Is Art School Worth It?
August 27, 2022
Lawyers go to law school. Doctors go to medical school. Artists go to art school. While there are countless more avenues that one could take to become an artist than a brain surgeon, art school provides an aspirant with worthwhile guidance and experience.
What’s the Deal With Art School?
The myth of the self-taught artist, kissed by the muses and suffering away in a garret, is persistent, romantic and patently untrue. Creativity needs to be harnessed through hard work and passion. Art school chips away at and refines the artist’s abilities, like a rock being pressured into a diamond.
Eric Oliver, a graduate of the University of Utah with a BFA in graphic design and an adjunct professor of digital media at Utah Valley University, explained the importance of art school
“People say ‘Oh, you can be self-taught on YouTube’ — and the problem with that is that YouTube does not offer feedback when you’re done doing something — art school does,” Oliver said. “It teaches you how to take hard feedback. It teaches you skills, how to refine your work and to ask questions about your work. It teaches you to constantly improve.”
At its platonic ideal, art school fosters a community. As a film and media arts major, I remember how walking into my first film class was an important, exciting experience. For the first time in my life, I met people who loved movies as much as I did. People who talked about Sergei Eisenstein and Akira Kurosawa. People who didn’t look at me as if I had two heads when I used the term “MacGuffin” when talking about a thriller. At art school, a student finds others with similar goals and mentors who can help them turn pie-in-the-sky dreams into reality.
Community is the Most Important Part of Art School
The creative atmosphere that arises when artists discuss their work and bounce ideas off each other helps to instruct and spark inspiration.
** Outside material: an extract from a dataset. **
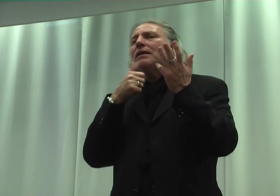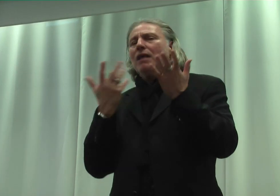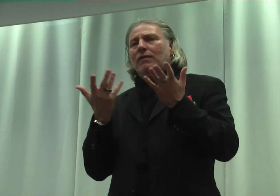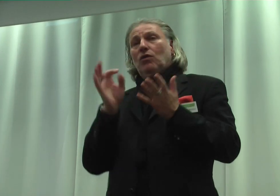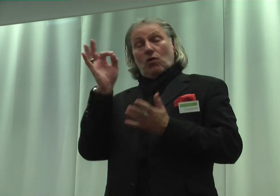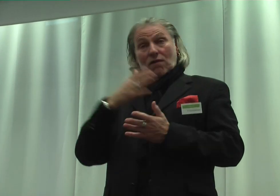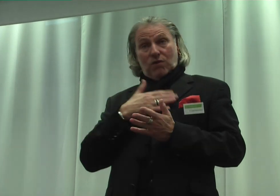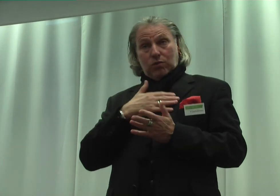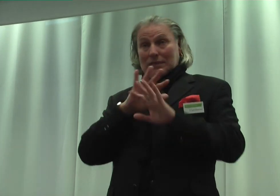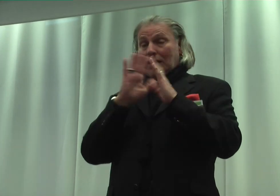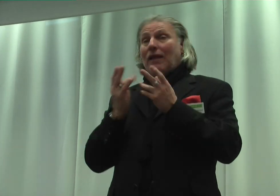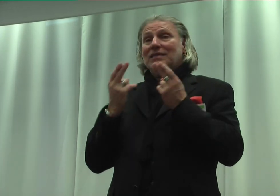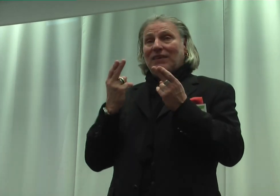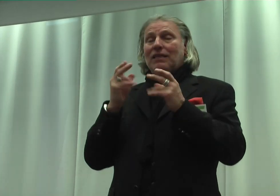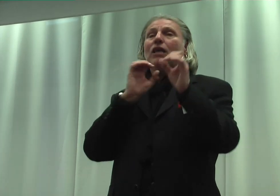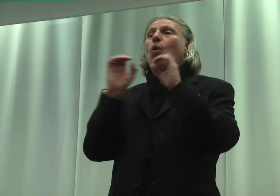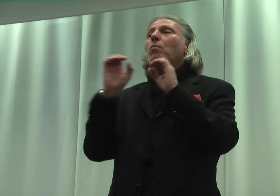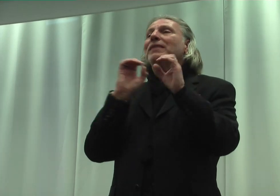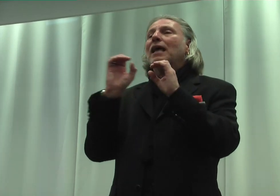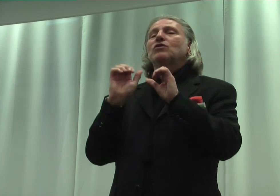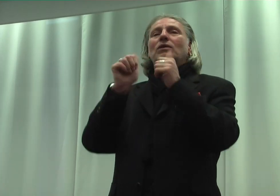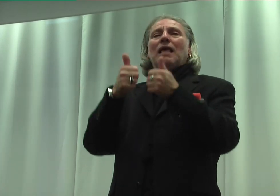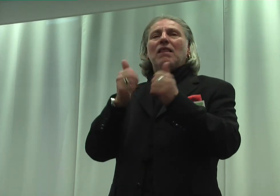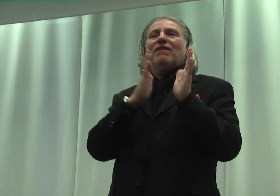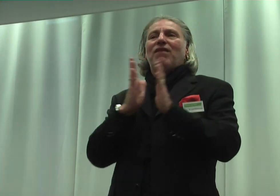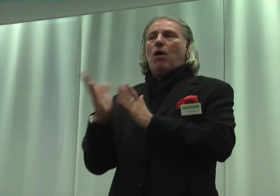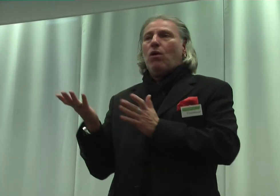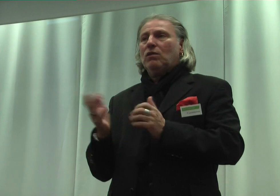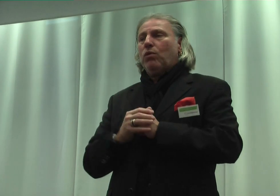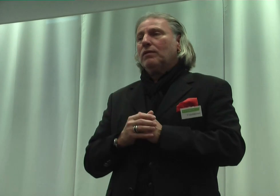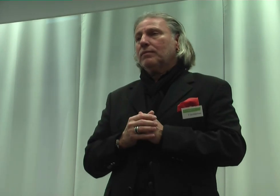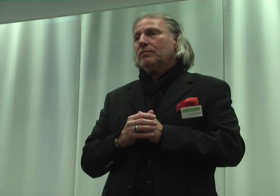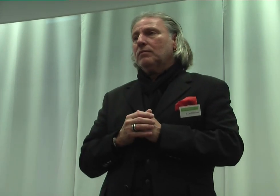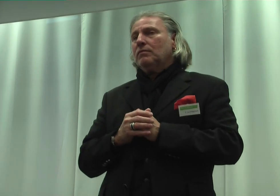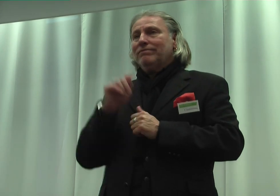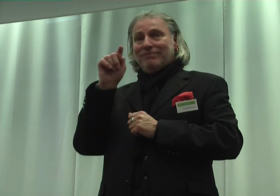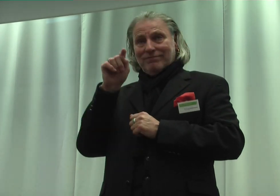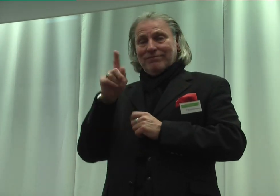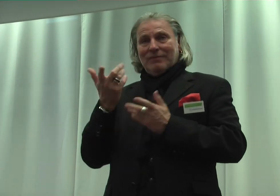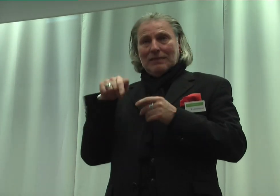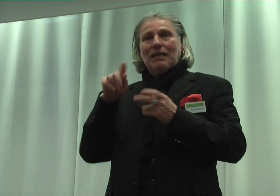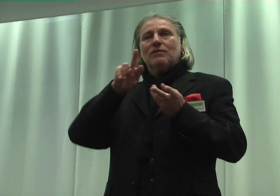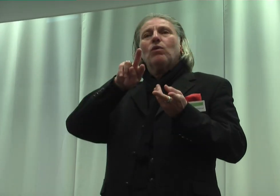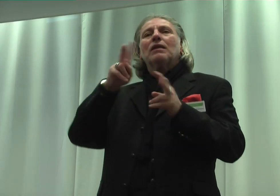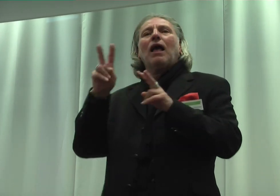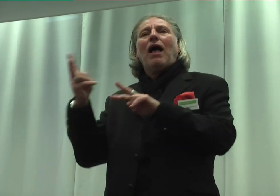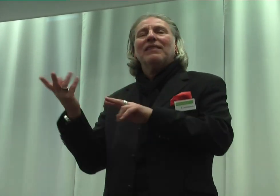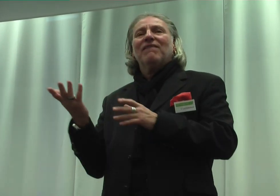besonders, ganz wichtig, Kommunikationshilfenverordnung, ist durch die Ralfizierung der

Art is about connection and having a conversation with the audience. The immediate feedback of other students and professors can help artists learn how to do that.
Lien Fan Shen, an assistant professor in the Film and Media Arts Department, described her time at the School of Visual Arts when she worked toward an MFA.
“During those years, I met so many talented artists — they’re so creative and every time they talked about their ideas it would give me so much inspiration,” Shen said. “So, in a way, I feel the sort of community was the most beneficial thing to me.”
Art schools provide opportunities to develop working relationships with like-minded artists. Furthermore, these relationships can be helpful in fostering future freelance artwork.
Through art school, one’s artistic sensibilities are broadened. Film students are introduced to different cinematic styles and modes. Visual artists learn how to use acrylics, oils, 3D animation software, sculpting clay and other materials they may not have touched otherwise. Dancers take classes in ballet, tap, modern and hip-hop. The students are pushed out of their comfort zones and learn a great deal, and hopefully find something they love.
V. Kim Martinez, professor of painting and drawing in the Department of Art and Art History at the U and graduate of the Art Institute of Chicago, described art school as a time of exploration.
“You could say, ‘I want to make a painting. I want to make it out of melted aluminum,'” Martinez said. “That’s going to do something very different from acrylic paint … and the aluminum’s never going to do what a computer monitor can do. Vice versa. So you have to become sensitive to materials and understand, if I use this material and I’m trying to say this, then what material is going to answer my question better?”
Art school helps artists become familiar with all of the different ways they can express themselves. It pulls them deeper into their art, strengthening their knowledge of the chosen discipline.
So, is art school worth it? I believe so. Art is worth it. Finding others with the same interests and goals as yourself is worth it. Education is worth it, not just in an academic sense, but for learning from those around you. Art school is too nauseatingly expensive for just an appreciator, but those lucky enough to get into the right program, with the right professors and an understanding of the surprisingly hard work ahead of them, can find a place to improve doing what they love and forge a singular identity.